Task requirements
Where the listing shows an image, skip it and output all other material unchanged.

* * *

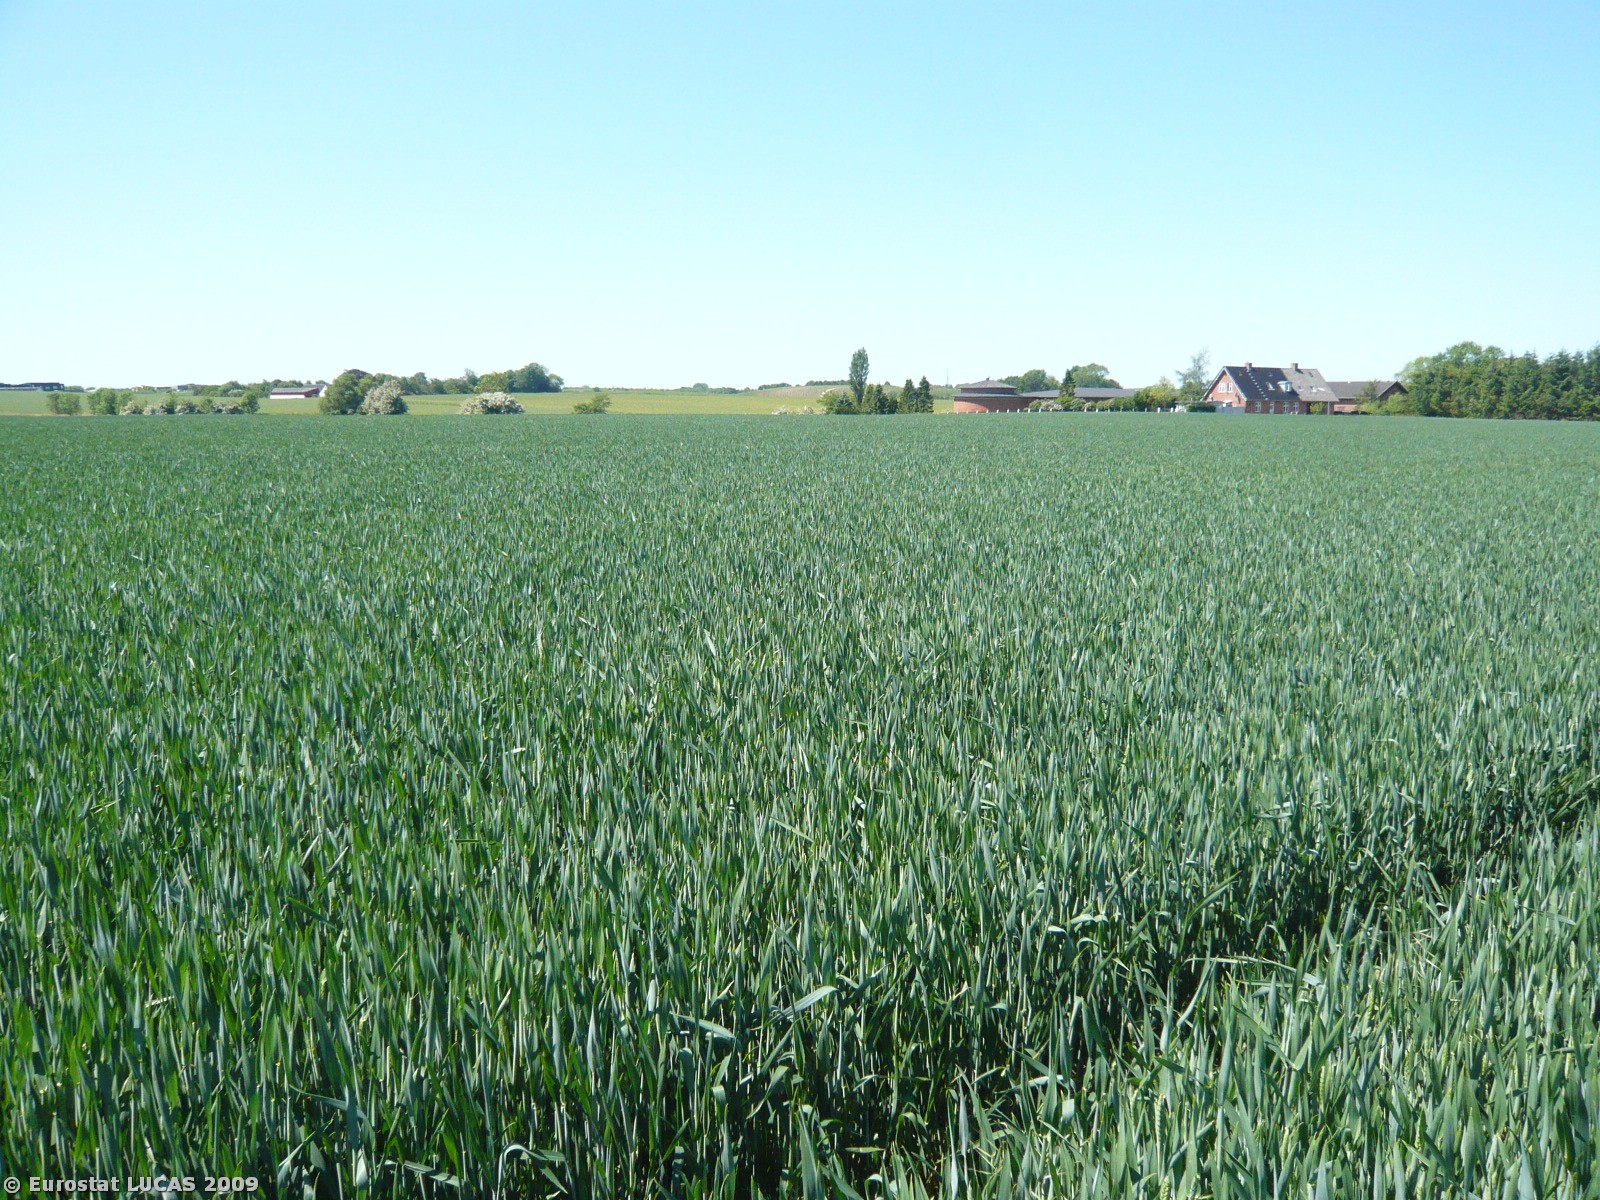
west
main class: Cropland
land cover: Common wheat
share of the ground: > 75 %
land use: Agriculture (excluding fallow land and kitchen gardens)
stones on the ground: < 10 %
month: June
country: DK
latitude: 55.6664
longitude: 12.1444
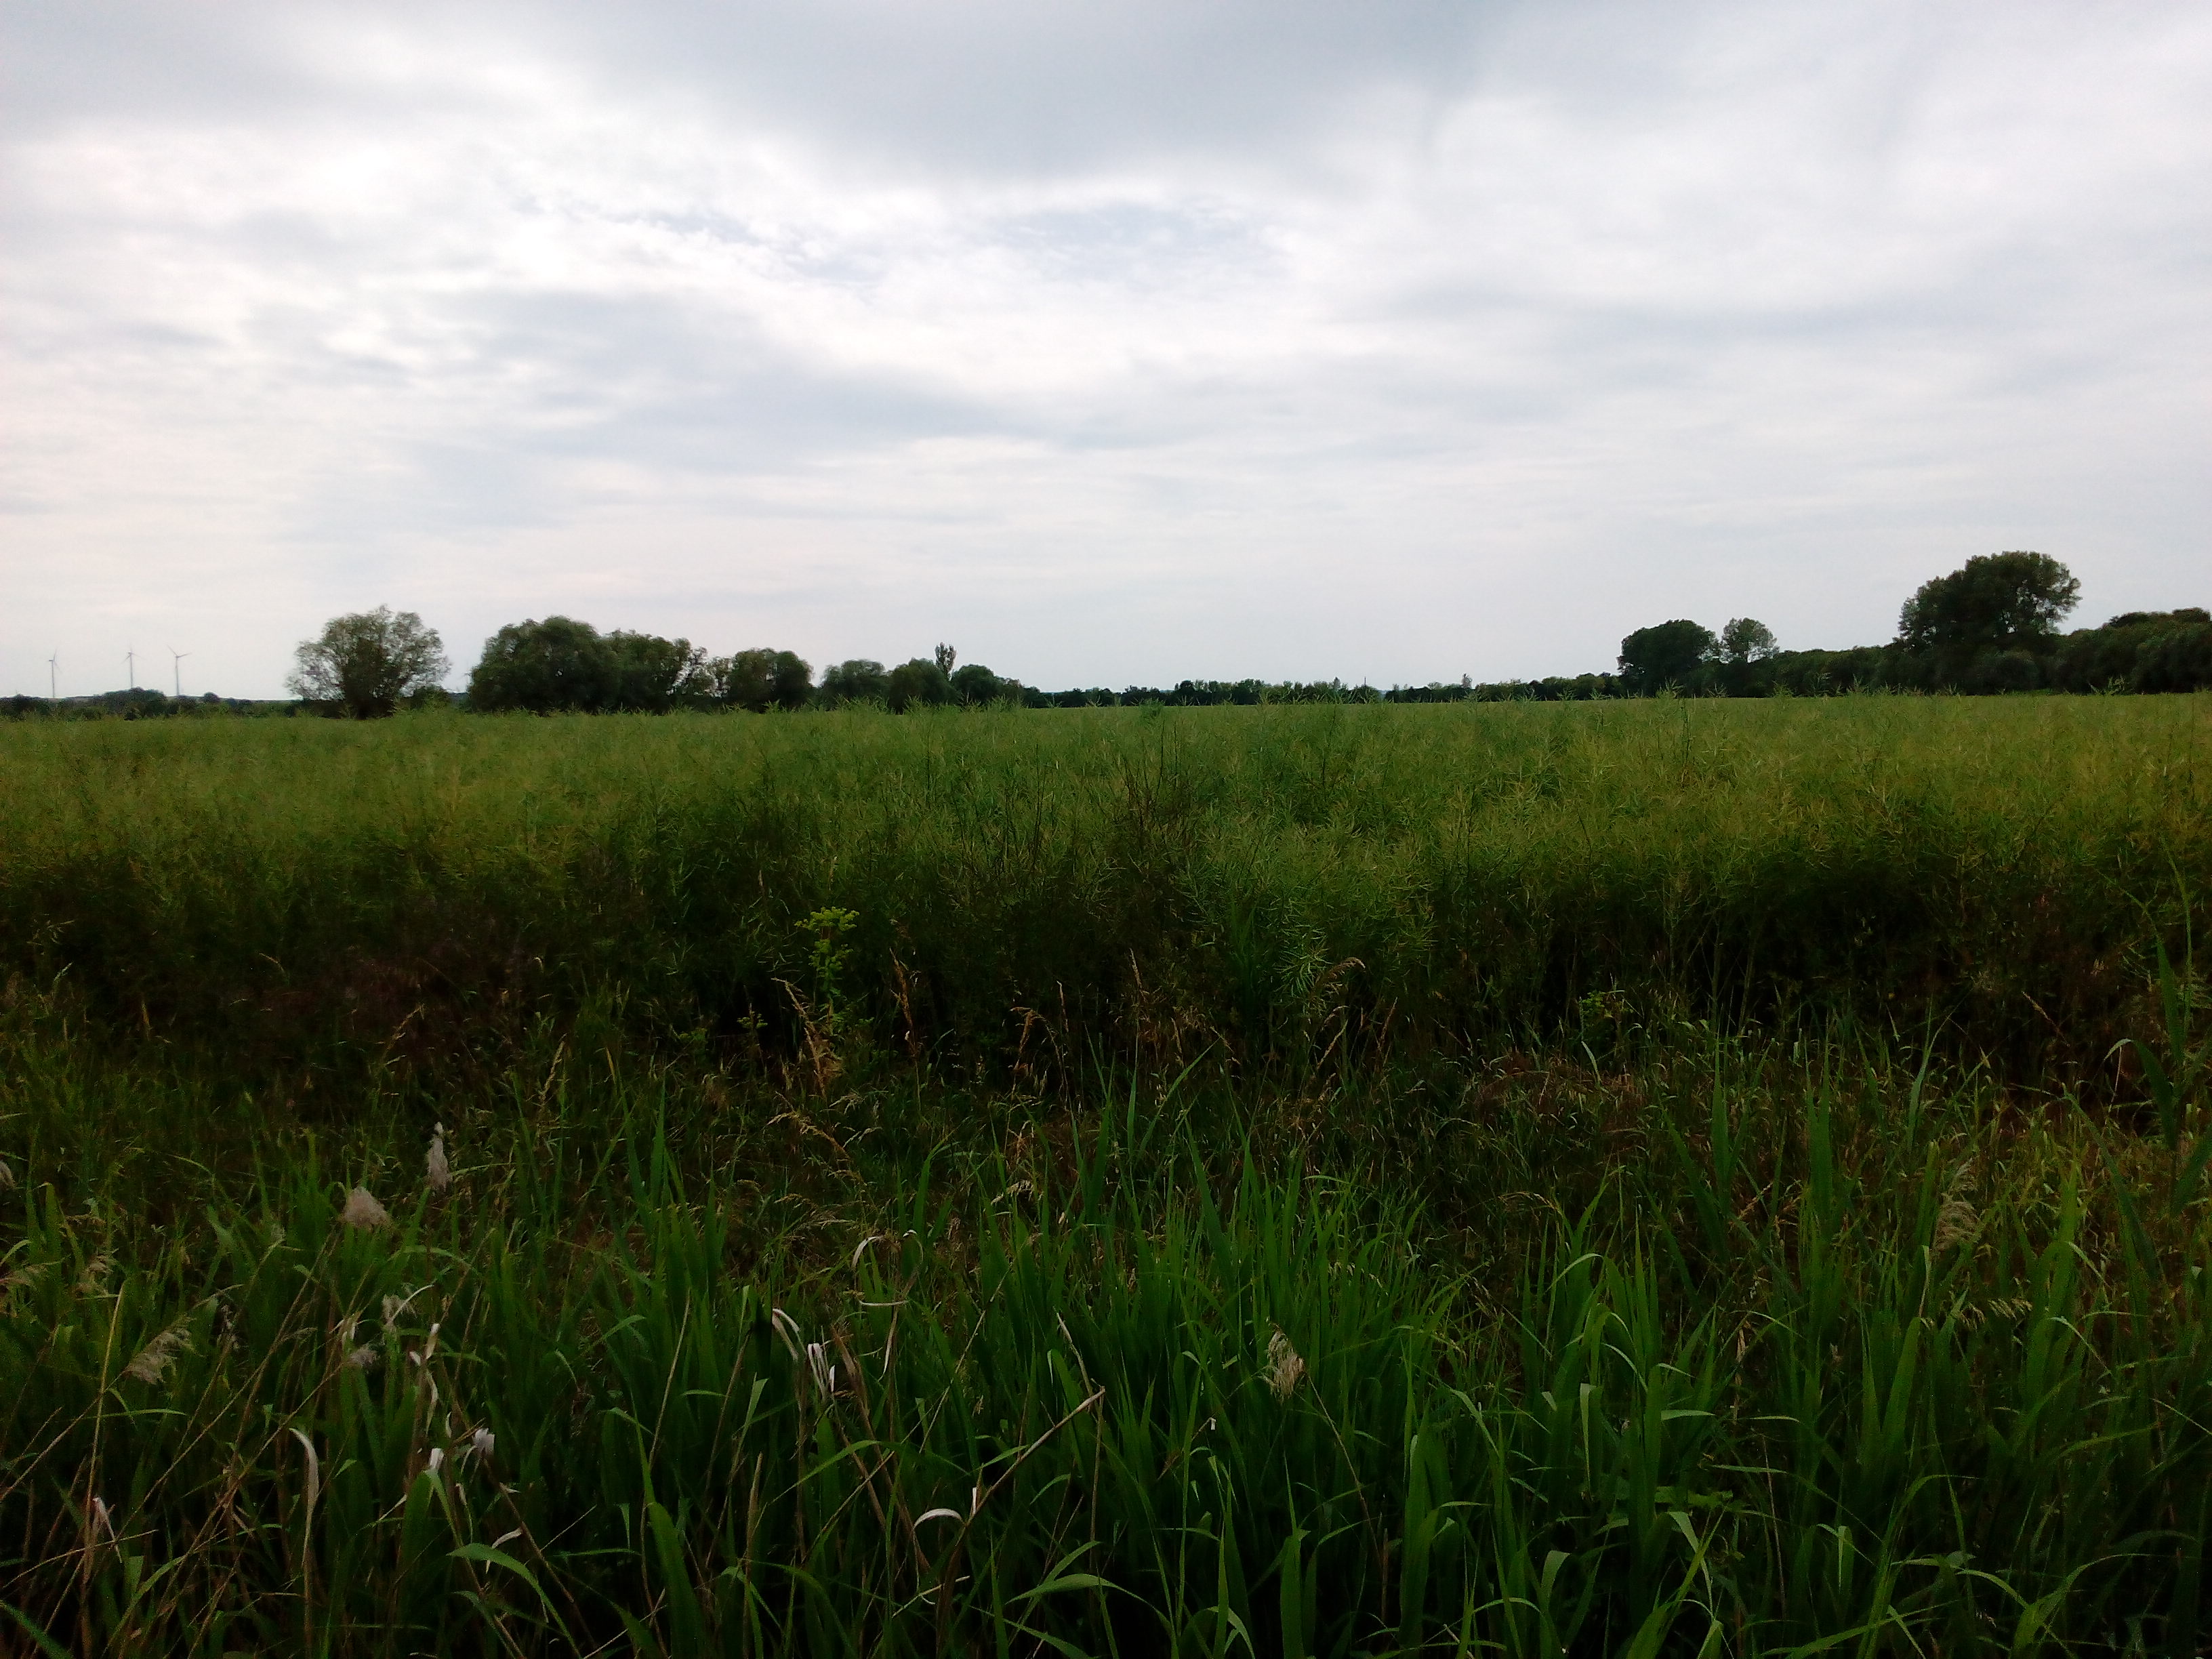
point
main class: Cropland
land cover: Rape and turnip rape
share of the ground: > 75 %
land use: Agriculture (excluding fallow land and kitchen gardens)
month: June
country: DE
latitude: 51.2226
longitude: 11.0163

* * *

Exercise answer
west
main class: Cropland
land cover: Common wheat
share of the ground: > 75 %
land use: Agriculture (excluding fallow land and kitchen gardens)
stones on the ground: < 10 %
month: June
country: DK
latitude: 55.6664
longitude: 12.1444
point
main class: Cropland
land cover: Rape and turnip rape
share of the ground: > 75 %
land use: Agriculture (excluding fallow land and kitchen gardens)
month: June
country: DE
latitude: 51.2226
longitude: 11.0163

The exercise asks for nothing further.